# [Exercise details]
Return the lines of the data below in which the string "Answer" occurs.

Saved entries
^^^^

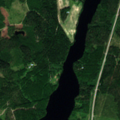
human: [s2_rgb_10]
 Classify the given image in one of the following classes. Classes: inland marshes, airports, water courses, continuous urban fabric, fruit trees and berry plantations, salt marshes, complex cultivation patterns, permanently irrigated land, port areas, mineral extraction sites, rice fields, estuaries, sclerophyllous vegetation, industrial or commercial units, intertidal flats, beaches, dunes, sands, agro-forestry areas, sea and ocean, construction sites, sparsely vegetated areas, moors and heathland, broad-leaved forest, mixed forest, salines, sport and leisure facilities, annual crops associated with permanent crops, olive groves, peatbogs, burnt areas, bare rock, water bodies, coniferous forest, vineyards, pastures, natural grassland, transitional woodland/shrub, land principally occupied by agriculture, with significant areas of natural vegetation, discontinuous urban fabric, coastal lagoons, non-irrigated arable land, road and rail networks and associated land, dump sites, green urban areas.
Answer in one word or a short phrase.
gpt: coniferous forest, mixed forest, transitional woodland/shrub, water bodies
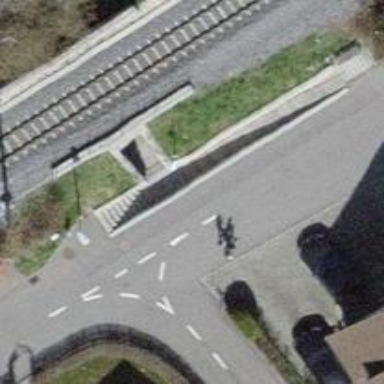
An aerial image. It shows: Set of steps on the road.
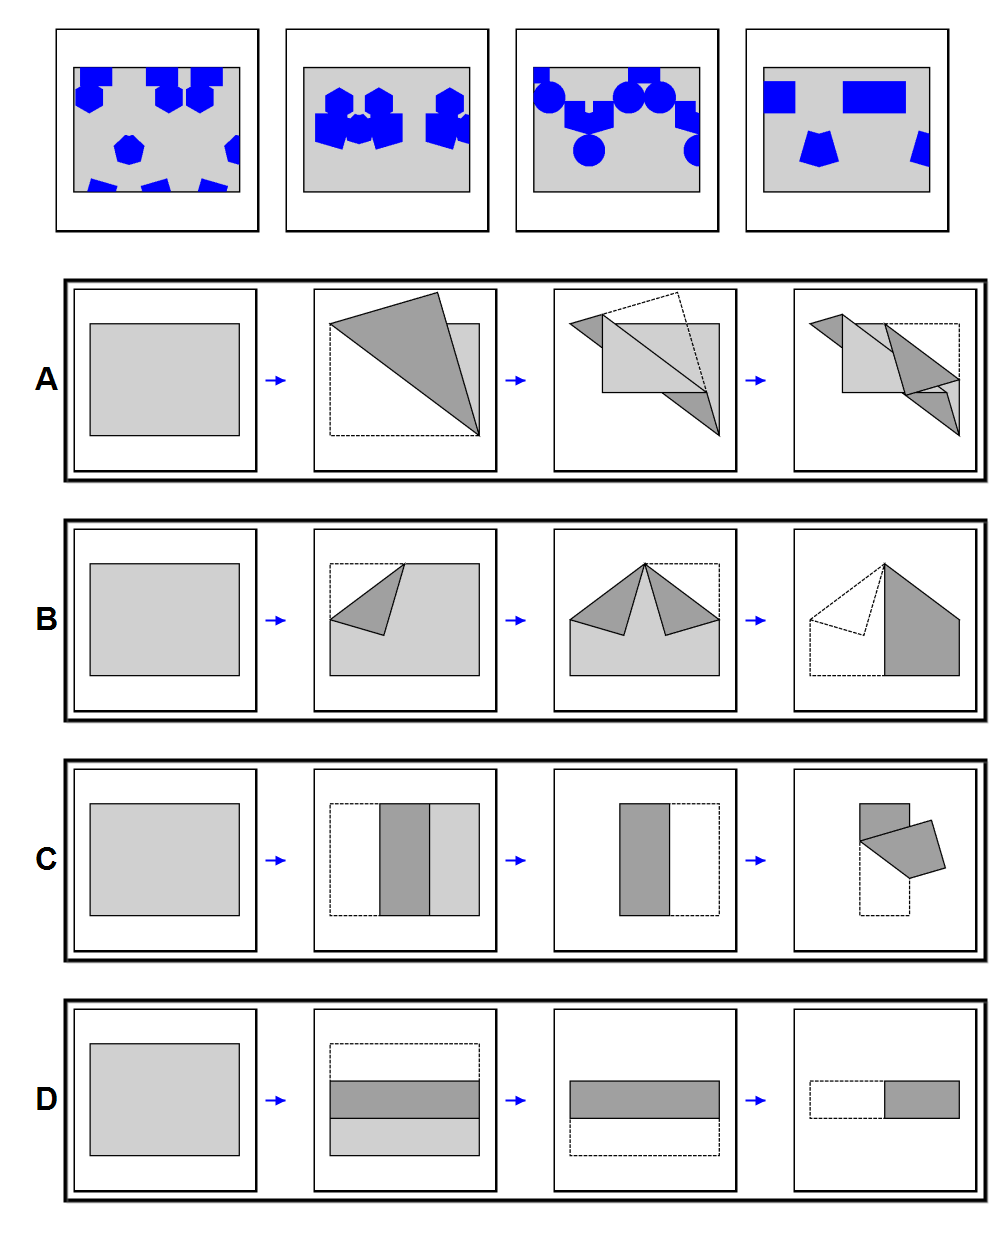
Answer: C

^^^^

# [Output]
Answer in one word or a short phrase.
Answer: C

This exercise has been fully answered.